What do you mean by "to stay relative to your own frame"? Suppose we lived in a universe where the laws of physics were different, where clocks slowed down depending on their speed relative to some preferred frame (say, the frame of the ether) while rulers did not shrink. Certainly if this were the case, observers in different frames would not measure the same speed of light if they used their own rulers and clocks. But in terms of their perceptions, their clocks would still appear to tick at the normal rate (since the rate of their brain processes changes along with the clocks), and their rulers would still appear to measure length normally.

Last edited: Oct 13, 2006
22. Oct 13, 2006

### petm1

I said; "I do not see my own time dilation, not because it is not there, it is because my meter stays proportional to my second at all times."

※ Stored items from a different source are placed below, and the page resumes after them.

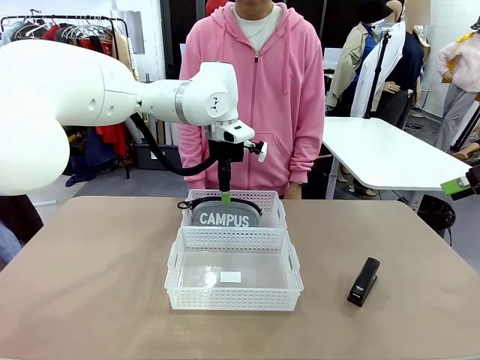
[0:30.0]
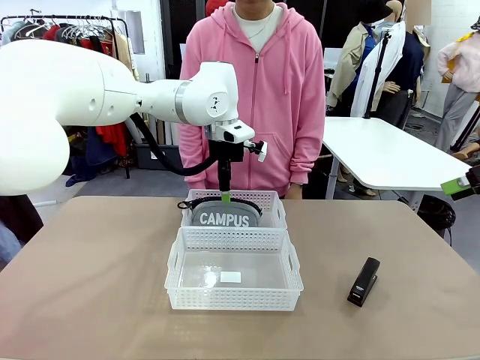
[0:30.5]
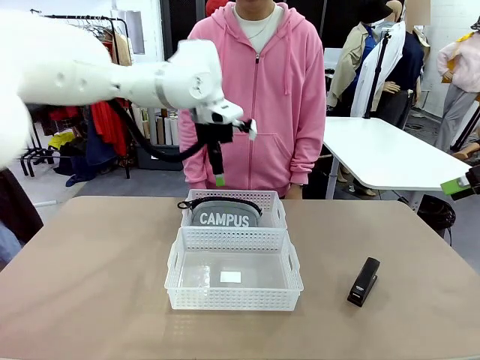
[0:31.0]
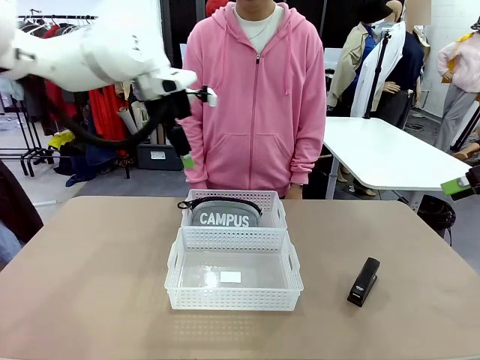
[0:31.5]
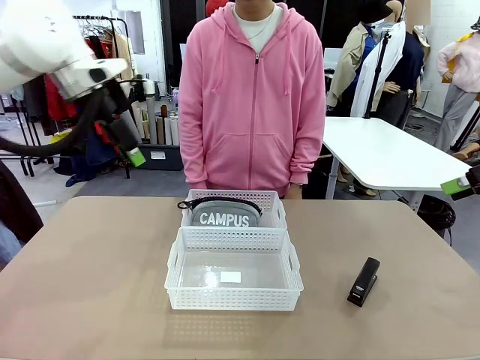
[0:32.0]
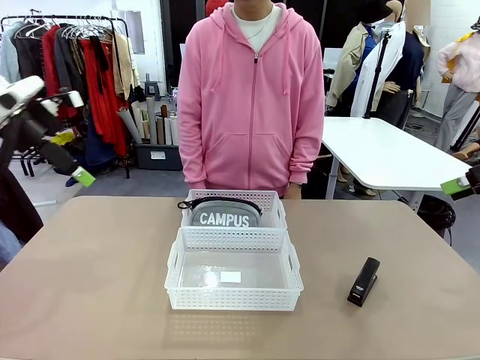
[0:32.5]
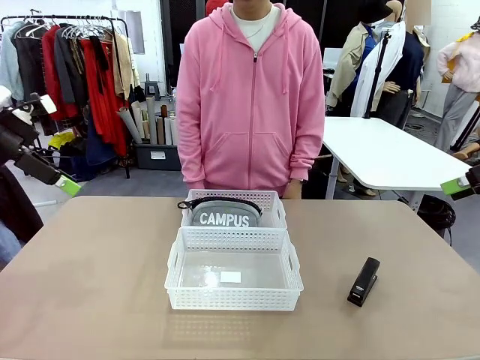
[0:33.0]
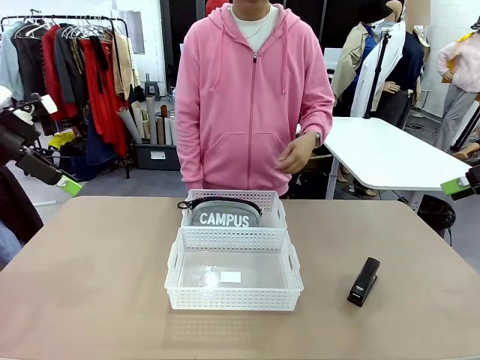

Every moving frame has time dilation, we may only note it with when viewing another frame and it may be that the time dilation is a product of both frames relative velocity but that does not make my statement false.

23. Oct 13, 2006

### petm1

I must admit, That I have been thinking that the results of any time dilation computation was credited to the other observer's frame, but I think it works out better knowing that we see the total time dilation effect of both observers frames while looking at the other observer. If you knew your own velocity then you could discount that portion, like we do for Doppler.

24. Oct 13, 2006

### JesseM

Our own velocity relative to what? Are you trying to argue that we have an absolute velocity, and likewise that there is an absolute truth about how much time dilation we are experiencing?

25. Oct 13, 2006

### petm1

We compare our motion with everything we see and nothing that is at absolute rest and no I don't think that we can know our absolute velocity.

By the way today is the first time that I have tried to use the quote option on this board, up to now I have been putting all quotes between the "." symbol.